Post Reconstruction through 1920
Leah S. Glaser


If the victory of the industrial North over the slave-holding South in the Civil War had not already sealed the fate of the American economy, the forces of western expansion, population growth, and urbanization (see VUS.8a) would. These forces all helped transform the American economy from an agrarian to an industrial one.

The Transformation of an Agrarian Society

The industrial economy was a far cry from the Agrarian Republic envisioned by America's early leaders. However, many philosophers, writers, politicians, and businessmen actually viewed the two as compatible. Machinery could complement rural society, and as long as it was removed from the grimy urban setting as in Europe, America could avoid the trappings of industrialization that had forced many to find refuge in America in the first place. Machines could transform the unruly and dangerous "wilderness" into a coveted "middle state": a garden that could be "tamed" and managed, while at the same time keeping man close to nature and, by extension, to God.
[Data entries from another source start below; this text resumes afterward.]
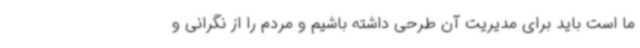
ما است باید برای مدیریت آن طرحی داشته باشیم و مردم را از نگرانی و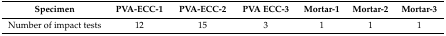
| Specimen | PVA-ECC-1 | PVA-ECC-2 | PVA ECC-3 | Mortar-1 | Mortar-2 | Mortar-3 |
 | --- | --- | --- | --- | --- | --- | --- |
 | Number of impact tests | 12 | 15 | 3 | 1 | 1 | 1 |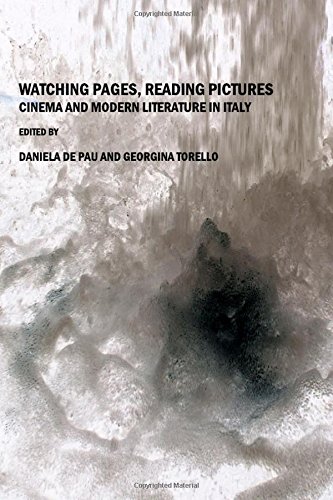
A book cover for Watching Pages, Reading Pictures: Cinema and Modern Literature in Italy; Daniela De Pau and Georgina Torello; Humor & Entertainment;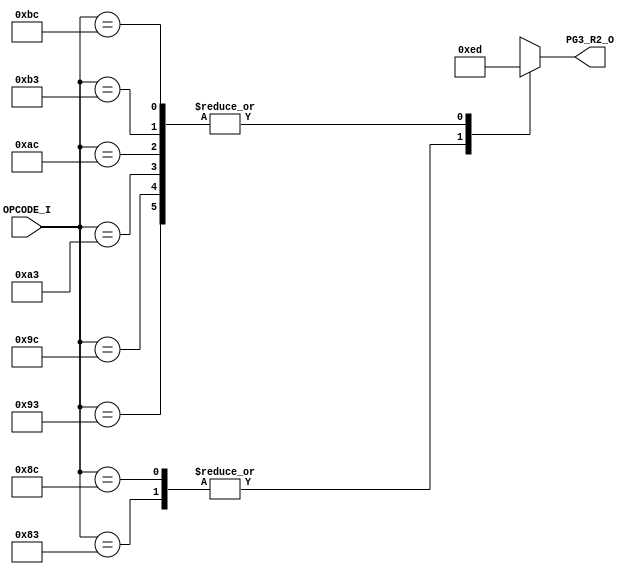
// [TURBO9_DECODE_HEADER_START]
//////////////////////////////////////////////////////////////////////////////
//                          Turbo9 Microprocessor IP
//////////////////////////////////////////////////////////////////////////////
// Website: www.turbo9.org
// Contact: team[at]turbo9[dot]org
//////////////////////////////////////////////////////////////////////////////
// [TURBO9_DECODE_LICENSE_START]
// BSD-1-Clause
//
// Copyright (c) 2020-2023
// Kevin Phillipson
// Michael Rywalt
// All rights reserved.
//
// Redistribution and use in source and binary forms, with or without
// modification, are permitted provided that the following conditions are met:
//
// 1. Redistributions of source code must retain the above copyright notice,
//    this list of conditions and the following disclaimer.
//
// THIS SOFTWARE IS PROVIDED BY THE COPYRIGHT HOLDERS AND CONTRIBUTORS "AS IS"
// AND ANY EXPRESS OR IMPLIED WARRANTIES, INCLUDING, BUT NOT LIMITED TO, THE
// IMPLIED WARRANTIES OF MERCHANTABILITY AND FITNESS FOR A PARTICULAR PURPOSE
// ARE DISCLAIMED. IN NO EVENT SHALL THE COPYRIGHT HOLDERS AND CONTRIBUTORS BE
// LIABLE FOR ANY DIRECT, INDIRECT, INCIDENTAL, SPECIAL, EXEMPLARY, OR
// CONSEQUENTIAL DAMAGES (INCLUDING, BUT NOT LIMITED TO, PROCUREMENT OF
// SUBSTITUTE GOODS OR SERVICES; LOSS OF USE, DATA, OR PROFITS; OR BUSINESS
// INTERRUPTION) HOWEVER CAUSED AND ON ANY THEORY OF LIABILITY, WHETHER IN
// CONTRACT, STRICT LIABILITY, OR TORT (INCLUDING NEGLIGENCE OR OTHERWISE)
// ARISING IN ANY WAY OUT OF THE USE OF THIS SOFTWARE, EVEN IF ADVISED OF THE
// POSSIBILITY OF SUCH DAMAGE.
// [TURBO9_DECODE_LICENSE_END]
//////////////////////////////////////////////////////////////////////////////
// Description:
// Assembled from turbo9_urtl.asm file
// built using cv_R2_SEL ctrl_vec
//
//////////////////////////////////////////////////////////////////////////////
// History:
// 07.14.2023 - Kevin Phillipson
//   File header added
//
//////////////////////////////////////////////////////////////////////////////
// [TURBO9_DECODE_HEADER_END]

/////////////////////////////////////////////////////////////////////////////
//                                MODULE
/////////////////////////////////////////////////////////////////////////////
module turbo9_urtl_decode_pg3_R2(
  input      [7:0] OPCODE_I,
  output reg [3:0] PG3_R2_O
);

/////////////////////////////////////////////////////////////////////////////
//                                LOGIC
/////////////////////////////////////////////////////////////////////////////

always @* begin
  case (OPCODE_I)
    8'h83 : PG3_R2_O = 4'he; // IDATA       CMPU (imm)
    8'h8C : PG3_R2_O = 4'he; // IDATA       CMPS (imm)
    8'h93 : PG3_R2_O = 4'hd; // DMEM_RD     CMPU (dir idx ext)
    8'h9C : PG3_R2_O = 4'hd; // DMEM_RD     CMPS (dir idx ext)
    8'hA3 : PG3_R2_O = 4'hd; // DMEM_RD     CMPU (dir idx ext)
    8'hAC : PG3_R2_O = 4'hd; // DMEM_RD     CMPS (dir idx ext)
    8'hB3 : PG3_R2_O = 4'hd; // DMEM_RD     CMPU (dir idx ext)
    8'hBC : PG3_R2_O = 4'hd; // DMEM_RD     CMPS (dir idx ext)
    default : PG3_R2_O = 4'hx; // from decode_init
  endcase
end

`ifdef SIM_TURBO9

reg [(8*64):0] PG3_R2_op;

always @* begin
  case (OPCODE_I)
    8'h83 : PG3_R2_op = "CMPU (imm)";
    8'h8C : PG3_R2_op = "CMPS (imm)";
    8'h93 : PG3_R2_op = "CMPU (dir idx ext)";
    8'h9C : PG3_R2_op = "CMPS (dir idx ext)";
    8'hA3 : PG3_R2_op = "CMPU (dir idx ext)";
    8'hAC : PG3_R2_op = "CMPS (dir idx ext)";
    8'hB3 : PG3_R2_op = "CMPU (dir idx ext)";
    8'hBC : PG3_R2_op = "CMPS (dir idx ext)";
    default : PG3_R2_op = "invalid";
  endcase
end

reg [(8*64):0] PG3_R2_eq;

always @* begin
  case (OPCODE_I)
    8'h83 : PG3_R2_eq = "IDATA";
    8'h8C : PG3_R2_eq = "IDATA";
    8'h93 : PG3_R2_eq = "DMEM_RD";
    8'h9C : PG3_R2_eq = "DMEM_RD";
    8'hA3 : PG3_R2_eq = "DMEM_RD";
    8'hAC : PG3_R2_eq = "DMEM_RD";
    8'hB3 : PG3_R2_eq = "DMEM_RD";
    8'hBC : PG3_R2_eq = "DMEM_RD";
    default : PG3_R2_eq = "invalid";
  endcase
end

`endif

/////////////////////////////////////////////////////////////////////////////

endmodule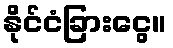
နိုင်ငံခြားငွေ။

The modern industrial economy emerged from several fundamental changes to these ideas. Many scholars have tried to identify these transformations and trends. The notion of an agrarian republic, especially in the West, proved unrealistic without massive federal aid, and, as Donald Worster describes in Rivers of Empire, adequate water resources. Instead, people clustered to towns and cities, which served as urban oases, particularly in the twentieth century.

Rather than working for independence and sustenance, farmers now cultivated lands with an eye to the market, often specializing in certain crops. Agribusiness turned crops into commodities, and land was now simply stored capital. William Cronon describes the division of production from consumption that cities introduced in his notable work, Nature's Metropolis. In his study based on Chicago, Cronon theorizes that cities organized rural spaces and connected them to a global economy. Much of the West provided the natural resources necessary for industry and thus western expansion intertwined with urban growth and technological innovation to transform the American economy. Such a transformation blurred the line between rural and urban life in America. Ed Ayers and Hal Barron describe a similar process in the rural South and North.

Several inventions provided the catalysts for industrial growth, most notably for revolutions in transportation, communication, and mechanization. Machines even replaced human labor on the farms and streamlined production. Historians of the era continue to debate how drastically these inventions actually changed or "improved" life. Scholars of the "technological determinism" school of thought argue that technology drives change and controls people's lives. Others, such as Barron, argue that rural people manipulated technology to preserve traditional practices amidst the complexity of change. While the urban pressures of the time changed rural people in their role as citizens, producers, and consumers, rural northerners tried to both accept and control changes in life and values. They clung to their republican notions of local rural independence and autonomy within an increasingly urban nation. However, he acknowledges that industrialism, growing cities, and consumer culture altered rural people's role as citizens, producers, and finally as consumers. Their resistance did not stop change, but their determination to cling to local values and sensibilities allowed rural northerners to adopt mainstream patterns to their own, preserve a rural way of life, and continue to assert local control.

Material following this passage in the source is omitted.